RTF-uitvoereigenschappen

Configureer RTF-uitvoerbestanden door de eigenschappen in te stellen die in de onderstaande tabel worden beschreven.

Naam eigenschap Beschrijving Standaard

Wijzigingentracering activeren

Stel deze waarde in op 'waar' om wijzigingentracering te activeren in het RTF-uitvoerdocument.

niet waar

Document beveiligen voor bijgehouden wijzigingen

Stel deze waarde in op "waar" om het document te beveiligen voor bijgehouden wijzigingen.

niet waar

Standaardlettertype

Gebruik deze eigenschap om de stijl en grootte van het lettertype in RTF-uitvoer te definiëren als geen ander lettertype is gedefinieerd.
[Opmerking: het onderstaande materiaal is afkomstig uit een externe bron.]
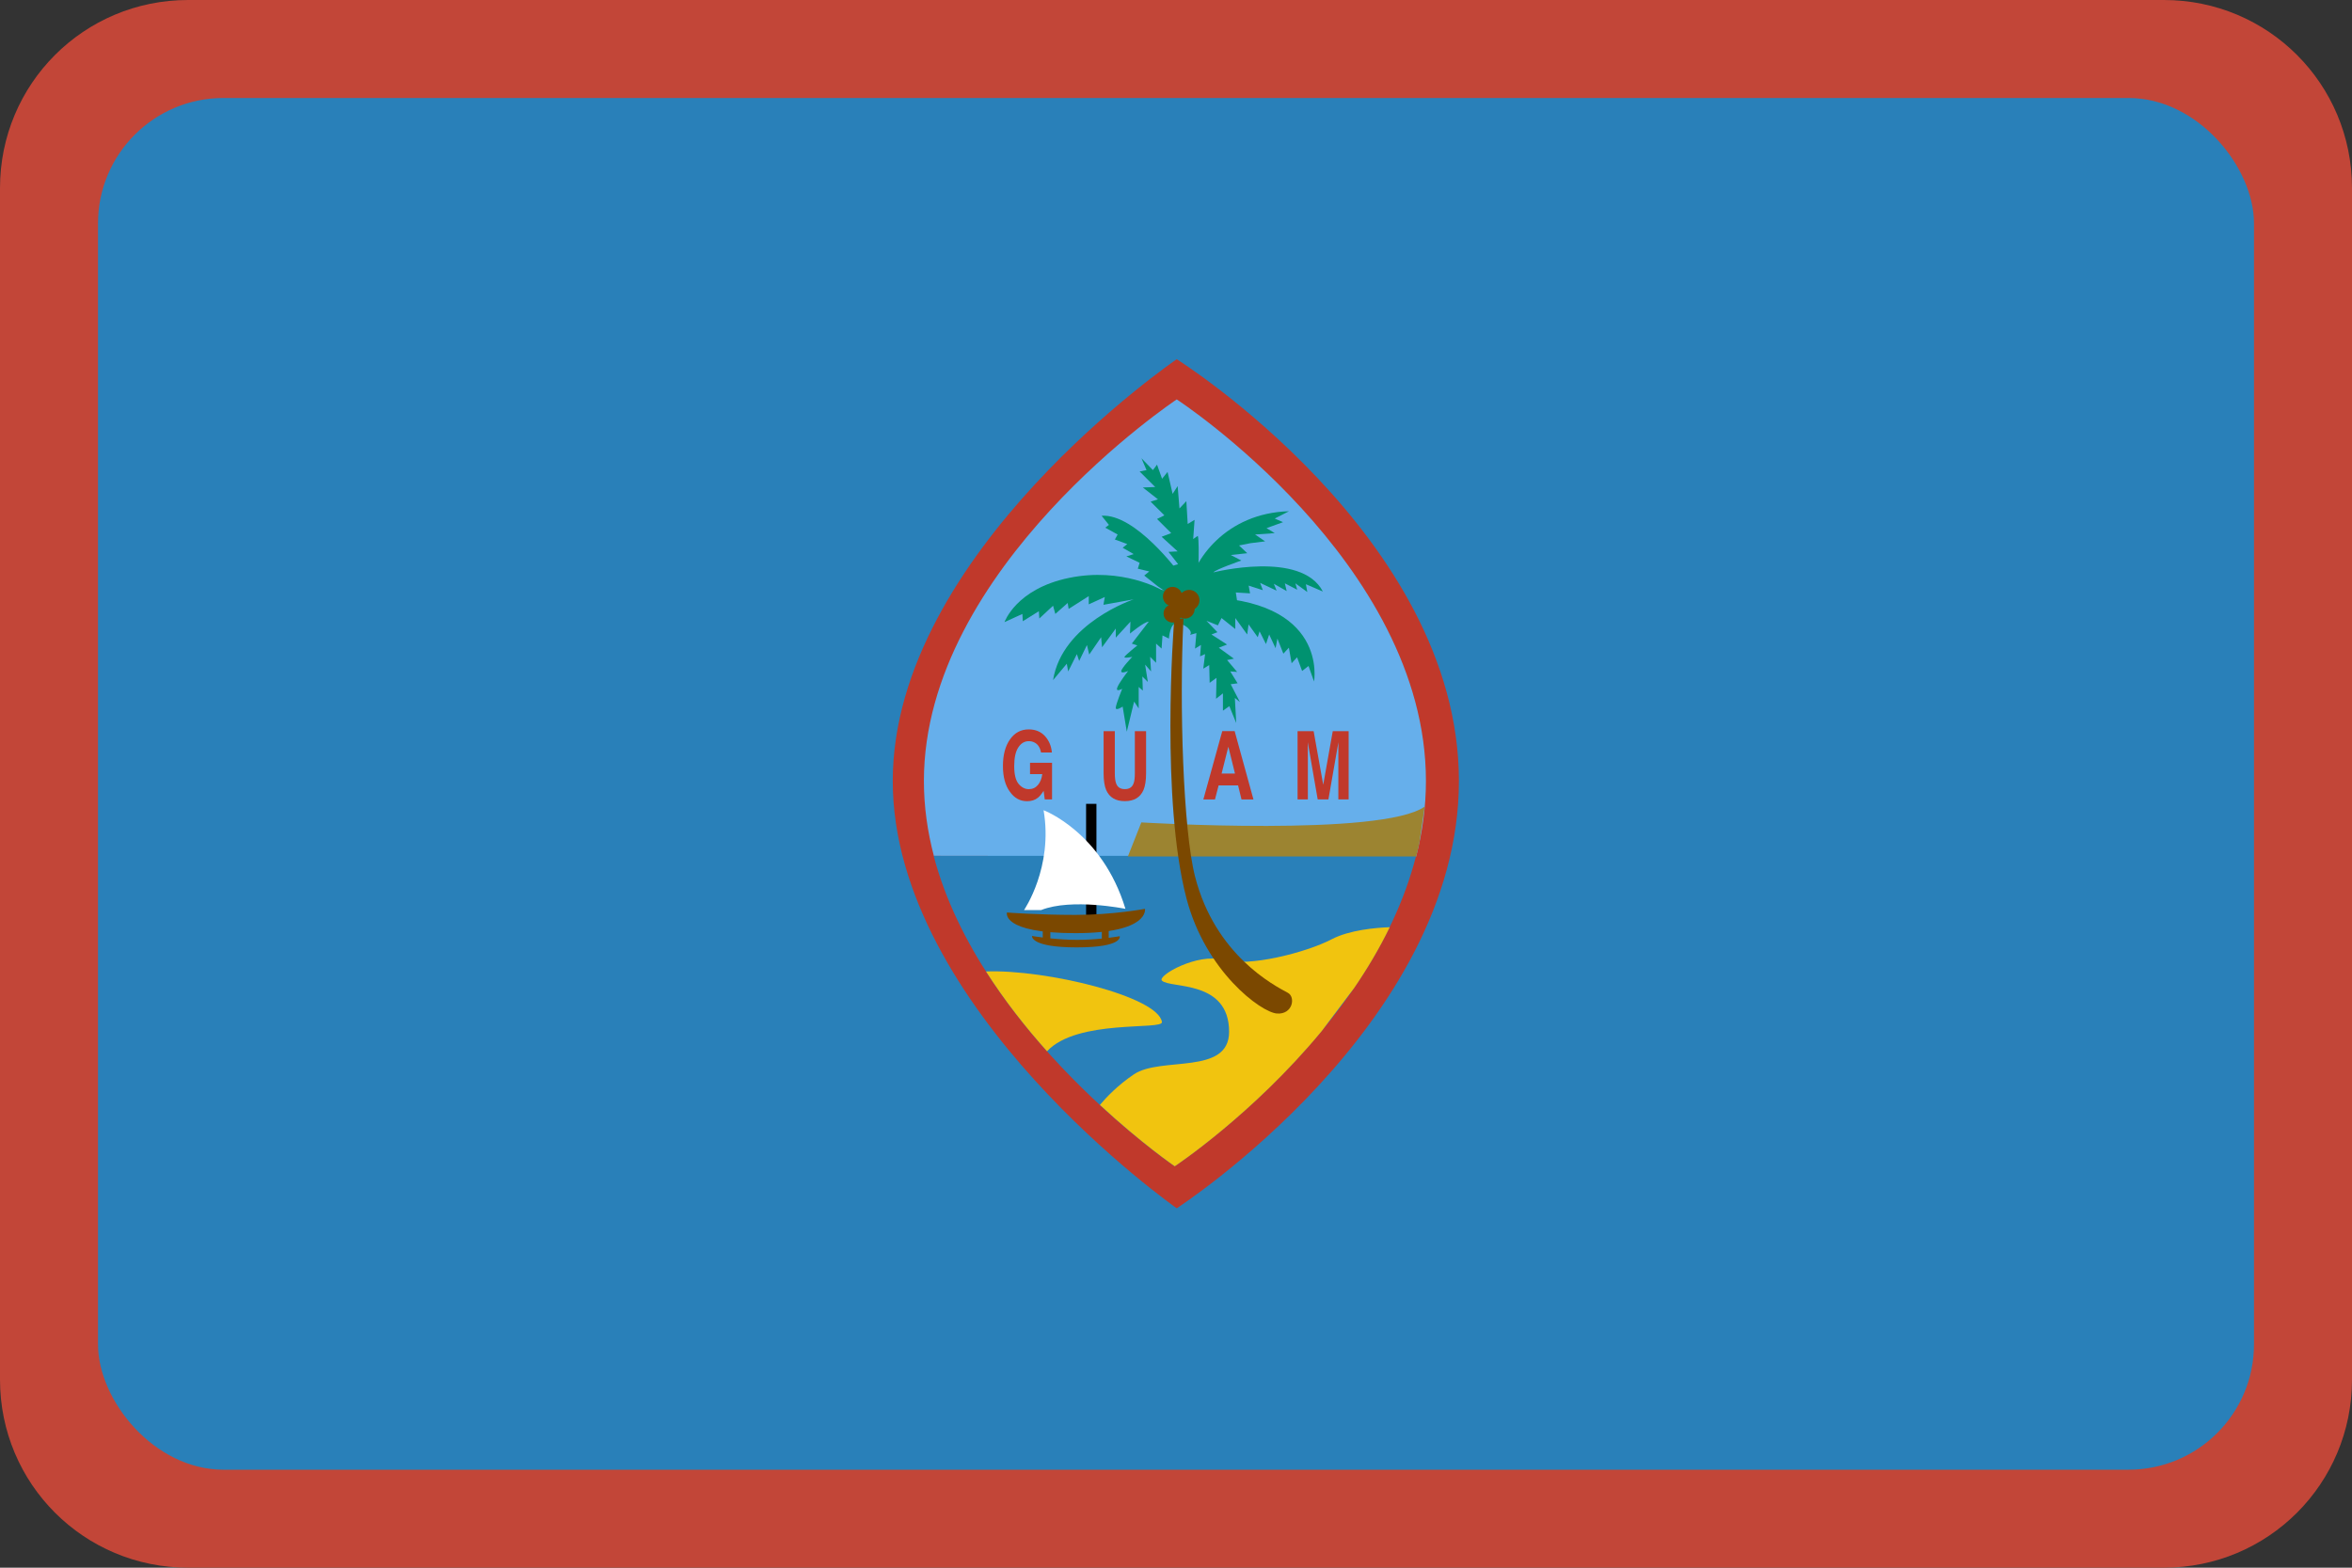 <?xml version="1.0" ?><svg height="600" id="svg4408" version="1.1" width="900" xmlns="http://www.w3.org/2000/svg" xmlns:cc="http://creativecommons.org/ns#" xmlns:dc="http://purl.org/dc/elements/1.1/" xmlns:inkscape="http://www.inkscape.org/namespaces/inkscape" xmlns:rdf="http://www.w3.org/1999/02/22-rdf-syntax-ns#" xmlns:sodipodi="http://sodipodi.sourceforge.net/DTD/sodipodi-0.dtd" xmlns:svg="http://www.w3.org/2000/svg"><rect width="100%" height="100%" fill="#333333" stroke="none"/><defs id="defs4410"><clipPath clipPathUnits="userSpaceOnUse" id="clipPath29920"><ellipse cx="-514.286" cy="506.648" id="path29922" rx="260" ry="248.571" style="fill:#a9b3c1;fill-opacity:1;stroke:none" transform="matrix(0.685,0,0,0.716,705.099,116.389)"/></clipPath><clipPath clipPathUnits="userSpaceOnUse" id="clipPath3390"><path d="m 72,-536 756,0 c 39.888,0 72,32.112 72,72 l 0,456 c 0,39.888 -32.112,72 -72,72 l -756,0 c -39.888,0 -72,-32.112 -72,-72 l 0,-456 c 0,-39.888 32.112,-72 72,-72 z" id="path3392" style="fill:#3b3c3d;fill-opacity:1;stroke:none"/></clipPath></defs><g id="layer1" transform="translate(0,536)"><g clip-path="url(#clipPath3390)" id="g4218"><g clip-path="url(#clipPath29920)" id="g29913" style="fill:#ca4638" transform="matrix(1.348,0,0,1.348,-946.063,-1058.855)"/><rect height="600" id="rect3261-5" style="fill:#c24638;fill-opacity:1;stroke:none" width="900" x="0" y="-536"/><rect height="525" id="rect3261-5-0" rx="48" ry="48" style="fill:#2980b9;fill-opacity:1;stroke:none" width="825" x="37.5" y="-498.5"/><g id="g8" transform="matrix(1.354,0,0,1.354,-105.207,-533.917)"><path d="m 410.258,100 c 0,0 -80.257,54.71 -80.257,119.221 0,64.521 80.257,120.78 80.257,120.78 0,0 79.743,-51.619 79.743,-120.78 0,-69.156 -79.743,-119.221 -79.743,-119.221" id="path10" style="fill:#c0392b;fill-opacity:1"/><path d="m 477.923,240.562 c 1.76,-6.864 2.761,-13.991 2.761,-21.34 0,-61.93 -70.426,-107.862 -70.426,-107.862 0,0 -71.455,47.485 -71.455,107.862 0,7.251 1.018,14.316 2.813,21.16 l 136.307,0.181" id="path12" style="fill:#66afeb"/><path d="m 409.673,328.126 c 0,0 55.236,-36.58 68.226,-87.745 l -136.336,0 c 13.189,50.179 68.109,87.745 68.109,87.745" id="path14" style="fill:#2980b9;fill-opacity:1"/><path d="m 480.338,226.452 c -12.084,8.608 -80.088,4.474 -80.088,4.474 l -3.802,9.635 81.468,0 c 0.339,-1.321 0.649,-2.642 0.93,-3.979 l 1.491,-10.131" id="path16" style="fill:#9c8431"/><g id="g18" style="fill:#fff100"><path d="m 406.076,287.355 c -1.035,-7.21 -32.841,-14.93 -49.721,-14.296 5.27,8.268 11.241,15.834 17.248,22.558 8.574,-9.202 32.812,-5.883 32.473,-8.263" id="path20" style="fill:#f1c40f;fill-opacity:1"/><path d="m 470.454,260.55 c -4.042,0.145 -11.376,0.79 -16.4,3.406 -7.247,3.783 -23.471,7.917 -30.724,5.847 -7.247,-2.064 -18.64,4.474 -17.254,5.847 2.299,2.297 18.979,-0.341 18.979,14.456 0,12.386 -19.324,6.885 -26.922,12.045 -4.58,3.102 -7.773,6.472 -9.586,8.639 11.861,10.977 21.149,17.335 21.149,17.335 0,0 22.021,-14.585 41.521,-38.201 l 9.171,-12.169 c 3.696,-5.414 7.124,-11.158 10.066,-17.206" id="path22" style="fill:#f1c40f;fill-opacity:1"/></g><g id="g24" style="fill:#009270"><path d="m 405.86,165.167 c 0,0 -11.007,-6.451 -26.021,-3.36 -15.014,3.097 -18.254,12.51 -18.254,12.51 l 5.048,-2.317 0.129,2.064 4.533,-2.838 0.129,2.064 3.884,-3.607 0.638,2.317 3.498,-3.097 0.263,1.677 5.691,-3.613 0,2.322 4.533,-2.07 -0.386,2.199 8.545,-1.543 c 0,0 -20.196,6.704 -22.781,22.832 l 3.878,-4.634 0.392,2.183 2.457,-4.898 0.649,1.935 2.199,-4.516 0.643,2.704 3.363,-4.903 0.263,2.844 3.878,-5.29 0,2.57 4.147,-4.516 -0.129,3.365 c 0,0 4.012,-3.365 5.299,-3.365 l -4.784,6.198 1.556,0.516 c 0,0 -3.369,2.709 -3.626,3.226 -0.257,0.511 2.205,0 2.205,0 0,0 -2.983,3.091 -3.112,4 -0.129,0.908 1.942,0 1.942,0 0,0 -2.72,3.478 -3.106,4.779 -0.392,1.29 1.421,0.253 1.421,0.253 0,0 -1.679,4.129 -1.813,5.29 -0.129,1.151 1.942,-0.263 1.942,-0.263 l 1.17,7.096 2.07,-8.505 1.293,1.935 0,-6.069 1.164,1.027 -0.129,-3.989 1.55,1.543 -0.772,-4.903 1.679,1.925 -0.257,-4.118 1.679,1.682 0,-5.424 1.556,1.409 0.257,-3.726 1.813,0.898 c 0,0 0.257,-4.516 2.334,-4.387 2.065,0.119 4.656,2.317 3.62,3.344 l 1.813,-0.501 -0.386,4.371 1.679,-1.027 -0.257,3.226 1.421,-0.645 -0.515,4.124 1.684,-1.017 0.123,5.016 1.936,-1.409 -0.129,5.925 1.942,-1.538 0,4.898 1.813,-1.28 1.948,4.769 -0.392,-7.096 1.427,1.156 -2.597,-5.027 1.948,-0.263 -2.076,-3.36 1.942,0.144 -2.843,-3.36 1.936,-0.382 -4.276,-3.102 2.334,-0.898 -4.404,-2.844 1.684,-0.645 -3.1,-3.226 3.234,1.29 1.029,-2.064 3.884,3.102 0,-3.102 3.363,4.645 0.392,-2.844 2.591,3.618 0.515,-1.672 1.813,3.607 0.901,-2.699 1.813,3.871 0.515,-2.72 1.684,4.263 1.556,-1.682 0.778,4.392 1.544,-1.682 1.421,3.871 1.813,-1.419 1.556,4.392 c 0,0 4.27,-23.487 -32.361,-23.879 l -10.873,-2.054" id="path26"/><path d="m 389.032,144.26 2.065,2.57 -1.035,0.784 3.498,1.935 -0.778,1.414 3.498,1.29 -1.298,1.037 3.112,1.796 -2.07,0.655 3.749,1.801 -0.515,1.672 3.234,0.779 -1.421,1.156 3.749,2.978 4.275,2.962 2.977,-1.027 -1.17,-5.687 c 0,0 -12.294,-16.773 -21.869,-16.128" id="path28"/><path d="m 400.291,128.003 1.427,3.344 -1.948,0.392 4.404,4.387 -3.498,0.129 4.275,3.349 -2.076,0.655 3.889,3.871 -2.076,1.027 4.012,4 -2.714,1.027 4.533,4.134 -2.591,0.134 2.714,3.473 -2.457,0.779 c 0,0 2.977,5.543 2.843,7.87 l 5.048,0.253 c 0,0 0.778,-14.966 0.135,-16.902 l -1.298,0.903 0.386,-5.419 -1.942,1.166 -0.38,-6.451 -1.948,2.059 -0.509,-6.322 -1.427,2.199 -1.427,-6.198 -1.55,1.935 -1.427,-3.995 -1.164,1.543 -3.234,-3.355" id="path30"/><path d="m 413.364,165.678 c 1.427,-9.032 10.879,-22.192 28.612,-22.708 l -4.018,2.064 2.334,1.032 -4.662,1.682 2.328,1.409 -5.562,0.392 2.843,1.935 -4.135,0.516 -3.24,0.645 2.328,2.188 -4.661,0.511 2.983,1.553 c 0,0 -7.381,2.58 -7.896,3.36 0,0 24.857,-6.322 30.94,5.409 l -4.796,-2.064 0.392,2.199 -3.363,-2.451 0.515,1.806 -3.492,-1.806 0.515,2.188 -3.626,-2.064 0.778,1.946 -4.662,-2.199 0.778,2.064 -4.012,-1.29 0.392,2.188 -4.018,-0.253 0.392,2.58 -12.429,-0.263 -1.556,-2.58" id="path32"/></g><g id="g34" style="fill:#7b4800"><path d="m 409.568,173.46 2.591,-0.17 c -1.211,24.607 -0.076,59.887 3.275,72.949 5.691,22.187 22.284,30.733 26.232,32.859 2.24,1.197 1.38,6.188 -3.112,5.847 -4.48,-0.346 -20.137,-11.875 -25.542,-32.519 -7.241,-27.698 -3.726,-76.081 -3.445,-78.966" id="path36"/><circle cx="413.755" cy="168.129" id="circle38" r="2.926"/><circle cx="409.094" cy="167.092" id="circle40" r="2.739"/><circle cx="409.094" cy="171.871" id="circle42" r="2.558"/><circle cx="412.586" cy="170.58" id="circle44" r="2.739"/></g><g id="g46" style="fill:#7b4800"><path d="m 384.64,257.164 2.924,0 0,-31.481 -2.924,0 0,31.481 z" id="path48" style="fill:#000000"/><path d="m 394.138,263.099 c 0,0 -1.199,0.212 -3.106,0.454 l 0,-2.457 -1.942,0 0,2.668 c -1.989,0.201 -4.398,0.366 -6.925,0.366 -2.685,0 -5.393,-0.196 -7.627,-0.423 l 0,-2.544 -2.141,0 0,2.302 c -1.848,-0.232 -3.041,-0.434 -3.041,-0.434 0,0 -0.585,3.226 12.622,3.226 13.201,0 12.166,-3.158 12.166,-3.158" id="path50"/><path d="m 381.604,257.071 c 10.703,0 19.681,-1.713 19.681,-1.713 0,0 1.374,6.874 -19.681,6.874 -21.056,0 -19.33,-5.842 -19.33,-5.842 0,0 8.633,0.681 19.33,0.681" id="path52"/><path d="m 372.627,227.479 c 0,0 16.57,6.198 23.132,27.879 0,0 -15.189,-3.091 -23.822,0.346 l -4.831,0 c 0,-0.011 8.288,-12.045 5.521,-28.225" id="path54" style="fill:#ffffff"/></g><g id="g56" style="fill:#c62139"><path d="m 374.972,211.16 -3.071,0 c -0.24,-1.321 -0.819,-2.25 -1.737,-2.761 -0.515,-0.294 -1.082,-0.434 -1.708,-0.434 -1.211,0 -2.193,0.573 -2.965,1.755 -0.778,1.166 -1.164,2.942 -1.164,5.29 0,2.379 0.421,4.051 1.258,5.052 0.836,0.975 1.79,1.471 2.86,1.471 1.047,0 1.901,-0.387 2.573,-1.172 0.667,-0.774 1.076,-1.801 1.24,-3.076 l -3.462,0 0,-3.215 6.223,0 0,10.353 -2.065,0 -0.316,-2.41 c -0.602,0.919 -1.141,1.564 -1.62,1.946 -0.825,0.655 -1.837,0.981 -3.041,0.981 -1.977,0 -3.603,-0.888 -4.86,-2.663 -1.316,-1.775 -1.977,-4.211 -1.977,-7.297 0,-3.122 0.667,-5.636 2,-7.519 1.322,-1.884 3.082,-2.823 5.276,-2.823 1.895,0 3.422,0.624 4.574,1.868 1.146,1.239 1.813,2.792 1.983,4.655" id="path58" style="fill:#c0392b;fill-opacity:1"/><path d="m 389.588,216.997 0,-11.865 3.17,0 0,11.865 c 0,1.321 0.129,2.286 0.368,2.9 0.38,1.079 1.199,1.626 2.474,1.626 1.257,0 2.082,-0.547 2.462,-1.626 0.246,-0.614 0.357,-1.579 0.357,-2.9 l 0,-11.865 3.176,0 0,11.865 c 0,2.044 -0.246,3.638 -0.737,4.789 -0.924,2.085 -2.673,3.133 -5.264,3.133 -2.585,0 -4.346,-1.037 -5.27,-3.133 -0.491,-1.141 -0.737,-2.746 -0.737,-4.789" id="path60" style="fill:#c0392b;fill-opacity:1"/><path d="m 423.125,205.125 -5.344,19.312 3.281,0 1.031,-3.969 5.5,0 0.969,3.969 3.375,0 -5.312,-19.312 -3.5,0 z m 1.719,4.406 1.875,7.594 -3.781,0 1.906,-7.594 z" id="path62" style="fill:#c0392b;fill-opacity:1"/><path d="m 451.656,220.3 2.696,-15.168 4.486,0 0,19.291 -2.907,0 0,-13.042 c 0,-0.382 0.006,-0.908 0.012,-1.584 0.006,-0.676 0.012,-1.197 0.012,-1.559 l -2.831,16.184 -3.03,0 -2.807,-16.184 c 0,0.361 0.006,0.882 0.012,1.559 0.006,0.676 0.012,1.202 0.012,1.584 l 0,13.042 -2.907,0 0,-19.291 4.539,0 2.714,15.168" id="path64" style="fill:#c0392b;fill-opacity:1"/></g></g></g></g></svg>

Dit is vooral handig als u de afmeting van lege tabelcellen in gegenereerde rapporten wilt bepalen. Geef de lettertypenaam en -grootte op in de indeling <Lettertypenaam>:<grootte>, bijvoorbeeld 'Arial:12'. Het door u gekozen lettertype moet tijdens runtime beschikbaar zijn voor de verwerkingsengine. Zie Lettertypetoewijzingen definiëren voor informatie over het installeren van lettertypen en voor de lijst met vooraf gedefinieerde lettertypen.

Arial:12

Alinea's bij elkaar houden activeren

Stel deze optie in op 'waar' om ervoor te zorgen dat geen alinea's met 'loshangende' regels in het document voorkomen. Stel dat de beginregel van de laatste alinea op een pagina in zijn eentje onderaan staat en de overige regels van de alinea op de volgende pagina. Als deze instelling is geactiveerd, wordt de beginregel van de alinea naar de volgende pagina verschoven om de regels van de alinea bij elkaar te houden. Dit verbetert de leesbaarheid.